The UCB strategy, unlike the $\epsilon$-greedy, uses the uncertainty of the posterior distribution to select the appropriate bandit at each round. It supposes that a bandit can be as good as it’s posterior distribution upper confidence bound. So we favor exploration by sampling from the distributions with high uncertainty and high tails, and exploit by sampling from the distribution with highest mean after we ruled out all the other upper confidence bounds.
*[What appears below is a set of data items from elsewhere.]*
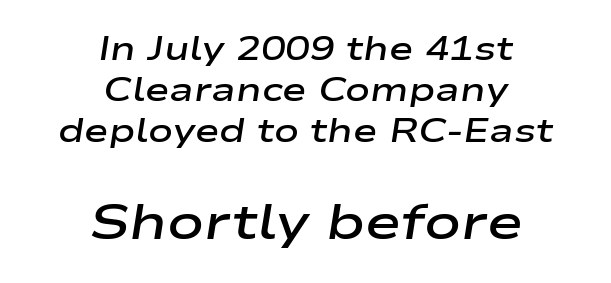
Q: Is the text bold? A: Semi-bold.
Q: Is the text italic (slanted)? A: Yes, it leans right by about 9 degrees.
Q: Is the text underlined? A: No.
Q: How is the paragraph aligned? A: Centered.
Q: Is the spacing between letters normal or unusually wide? A: Normal.
Q: Is the spacing between lines tight, normal or loose? A: Normal.
Q: Which block of text is set in a larger size, the first (top) or the second (bottom)? A: The second (bottom) one.
Q: Width (condensed, normal, or wide)? A: Wide.
Q: Stroke contrast? A: Low.
Q: x-height? A: Medium.
Q: Monospaced? A: No.
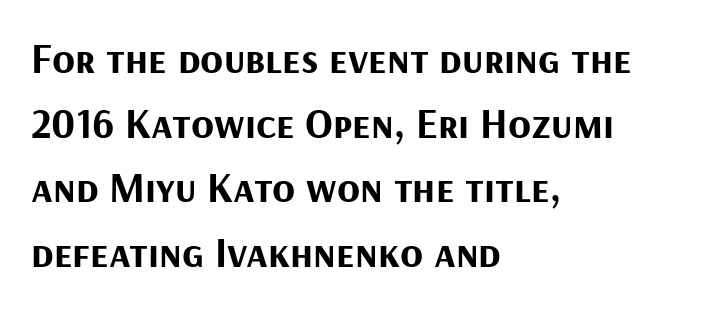
The image shows 42 px bold sans-serif type, upright; set left-aligned, normal line spacing (1.54x), normal letter spacing, not underlined; medium stroke contrast and a medium x-height.
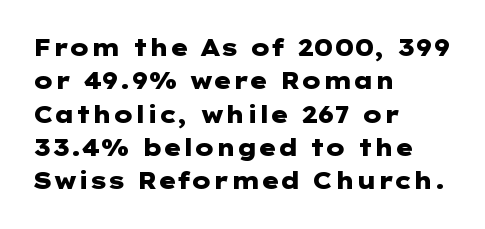
Every letter is thick-stroked: bold, no question. The space directly below the letters is spotless. How would I describe the line gaps? Plain and ordinary. A classic flush-left, rag-right setting is used for this passage. The specimen reads as upright at a glance.
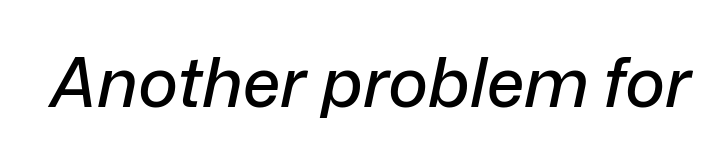
Each word holds together tightly as a unit, with standard inter-letter gaps. In terms of posture, this sample is oblique. Looks like regular typesetting: each glyph gets only the width it needs. Only glyphs here, with clear space below each row.
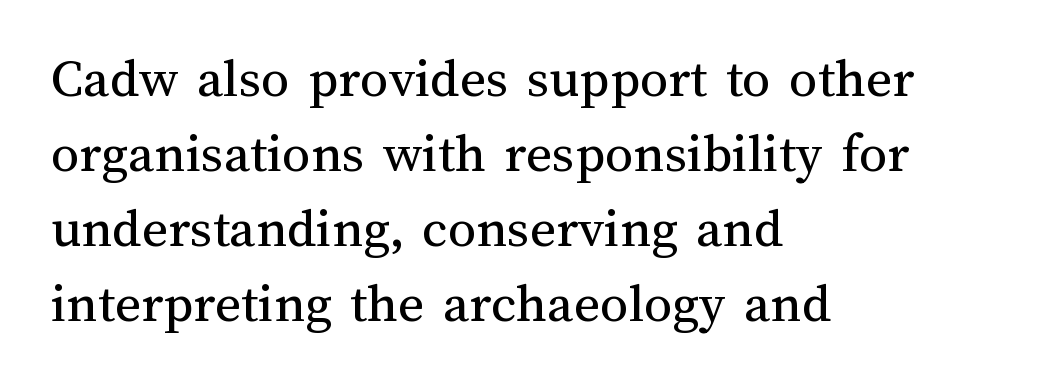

Finally, Thompson Sampling uses a very elegant principle: to choose an action according to the probability of it being optimal. In practice, this makes for a very simple algorithm. We take one sample from each posterior, and choose the one with the highest value. Despite its simplicity, Thompson Sampling achieves state-of-the-art results, greatly outperforming the other algorithms. The logic is that it promotes efficient exploration: it explores more bandits that are promising, and quickly discards bad actions.